All superdelegates were free to support any presidential candidate of their choosing at the Democratic National Convention. Pennsylvania had delegates at the Democratic National Convention.

Of this total, were pledged delegates. National party rules stipulated how Democratic delegates in all states were allocated. Pledged delegates were allocated to a candidate in proportion to the votes he or she received in a state's primary or caucus.

A candidate was eligible to receive a share of the state's pledged delegates if he or she won at least 15 percent of the votes cast in the primary or caucus. There were three types of pledged Democratic delegates: congressional district delegates, at-large delegates, and party leaders and elected officials PLEOs.

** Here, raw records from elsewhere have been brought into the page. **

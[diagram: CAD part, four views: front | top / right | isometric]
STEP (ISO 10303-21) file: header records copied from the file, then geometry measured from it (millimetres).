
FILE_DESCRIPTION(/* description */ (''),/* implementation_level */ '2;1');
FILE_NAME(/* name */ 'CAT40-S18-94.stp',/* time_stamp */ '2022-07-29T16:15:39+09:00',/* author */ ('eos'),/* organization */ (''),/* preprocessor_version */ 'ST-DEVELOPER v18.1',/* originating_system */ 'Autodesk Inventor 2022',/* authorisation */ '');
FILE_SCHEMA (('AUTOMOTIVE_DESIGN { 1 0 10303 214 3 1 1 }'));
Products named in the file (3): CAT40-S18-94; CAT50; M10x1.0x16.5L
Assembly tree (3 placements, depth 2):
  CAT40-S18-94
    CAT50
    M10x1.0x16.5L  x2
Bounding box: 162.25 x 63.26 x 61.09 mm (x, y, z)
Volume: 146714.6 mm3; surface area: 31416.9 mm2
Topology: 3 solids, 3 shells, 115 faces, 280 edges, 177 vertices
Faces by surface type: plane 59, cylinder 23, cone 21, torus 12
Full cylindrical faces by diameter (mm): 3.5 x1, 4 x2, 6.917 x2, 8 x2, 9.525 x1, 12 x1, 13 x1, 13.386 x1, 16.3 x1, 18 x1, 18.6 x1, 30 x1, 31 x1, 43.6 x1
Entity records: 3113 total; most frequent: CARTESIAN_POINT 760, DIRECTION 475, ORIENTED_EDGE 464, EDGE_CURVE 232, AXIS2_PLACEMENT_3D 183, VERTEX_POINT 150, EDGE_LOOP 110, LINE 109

Congressional district delegates were allocated proportionally based on the primary or caucus results in a given district. Before serving as mayor, he was elected district attorney of Philadelphia for two terms from through Rendell now serves as a consultant or board member for several green and alternative energy firms, including Own Energy, Element Partners, and Ocean Thermal Energy. He has also remained heavily involved in the campaign for government efficiency by working with entities such as Government Sourcing Solutions, Public Financial Management and Greenhill Advisors.